At the time that the revelation came that men could marry four wives at one time, men were dying in battle. In huge quantities. 

When a society loses a significant proportion of its men, and the women are not the providers as it is not fitting of the time in 600 A.D.+, who the heck is going to take care of those women? And children? How will they eat?

Mama bear can’t just go out and get a job like in today’s world. There were very few #bossladies. (Although Prophet Muhammad’s wife Khadija was a successful businesswoman when he married her!)

Thus, men married multiple women as a means of taking care of the society as a whole. 

Also, at the time, men were marrying twenty-seven or forty-six women at one time and there was nothing wrong with it.  It was culturally normal.  The decree that men could only marry four was actually a huge change at the time. JUST FOUR?

For example (the best of examples)… Prophet Muhammad (may God’s peace be upon him) was married to his first wife (Khadija) for 25 years before she passed away. He was not married to another woman during her life.  Their love story is very beautiful if you ever have time to read it.

When she died, he married multiple other wives (the number varies based on who you ask).  A majority of them were widows or of different tribes.  Their marriages were as a means to provide for those women or as a social means of connecting tribes together.

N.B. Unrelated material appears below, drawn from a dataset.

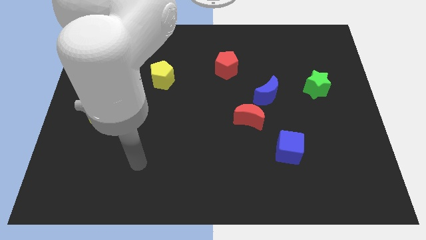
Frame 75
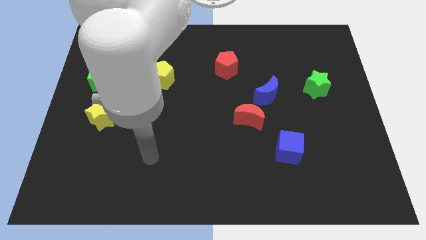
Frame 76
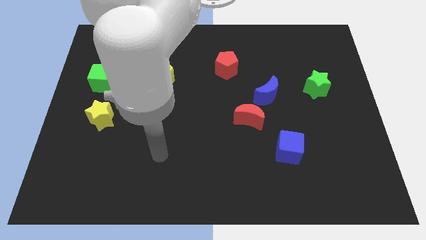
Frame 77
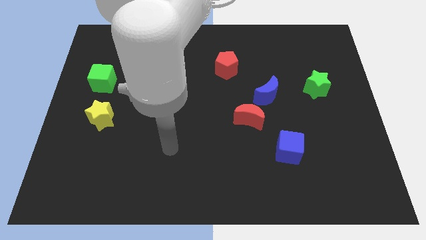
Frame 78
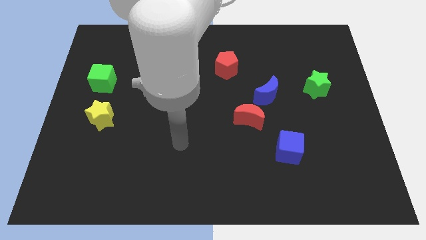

Still feel yucky? It’s okay….

This practice does happen in Muslim countries.  Someday when I decide to get married, I could be a second wife – or a first and he finds someone else to marry.

But, I’m not too worried about that, nor am I too upset.

Why? Because there’s multiple conditions upon which he has to fulfill in order to participate in this practice.

He has to treat all of them EXACTLY equally.  That’s not easy. I recently adopted two kittens that are sisters. I bought them at the same time, and I still have a favorite (shhh… don’t tell them).

He has to provide them each their own living quarters. If he gives one of them something, he has to give it to the other. You gotta be rich to have that kinda swag, people!

And yes, there are people (albeit very few) that I know that are children of second wives or third wives or fourth wives.  Their father is still the strong, loving father to them as he is to his other wives and other children.  Their mothers still feel taken care of and loved by the father from what they tell me.

Look… I can’t lie. It’s not for everyone.  With my upbringing, I don’t think I could sleep a wink knowing my husband is with another woman and that I have to share his heart with her. 

But, because this is a decree from God, I accept it. I respect it.  

If my husband wants to marry another wife, there will be some STRONG words from me against that choice, but it is his right.

And, if he has a valid reason for it (i.e. by the time I’m married I’m 47 years old and I can’t have babies…) then I could absolutely understand that situation.

When I look at these two aspects – the practicality and the context historically – I see why it’s SO rare among Muslims and SO RARE among my group of friends and their families.

Once I talked to a friend who was divorced and I asked him why didn’t you take another wife instead of getting divorced? He said, “HALF of a wife would be too much for me, why would I ever want TWO?”

And, that’s the common feeling of Muslim men.

A vast majority want the same lovey dovey fairytale the girls want. Especially the ones from our generation.

May Allah make each woman and each man who come together in marriage fulfilling to the other – emotionally, domestically, physically, and in all other applications. May they care for each other in all contexts. And, may He help us to see His Reasons behind His Wisdom.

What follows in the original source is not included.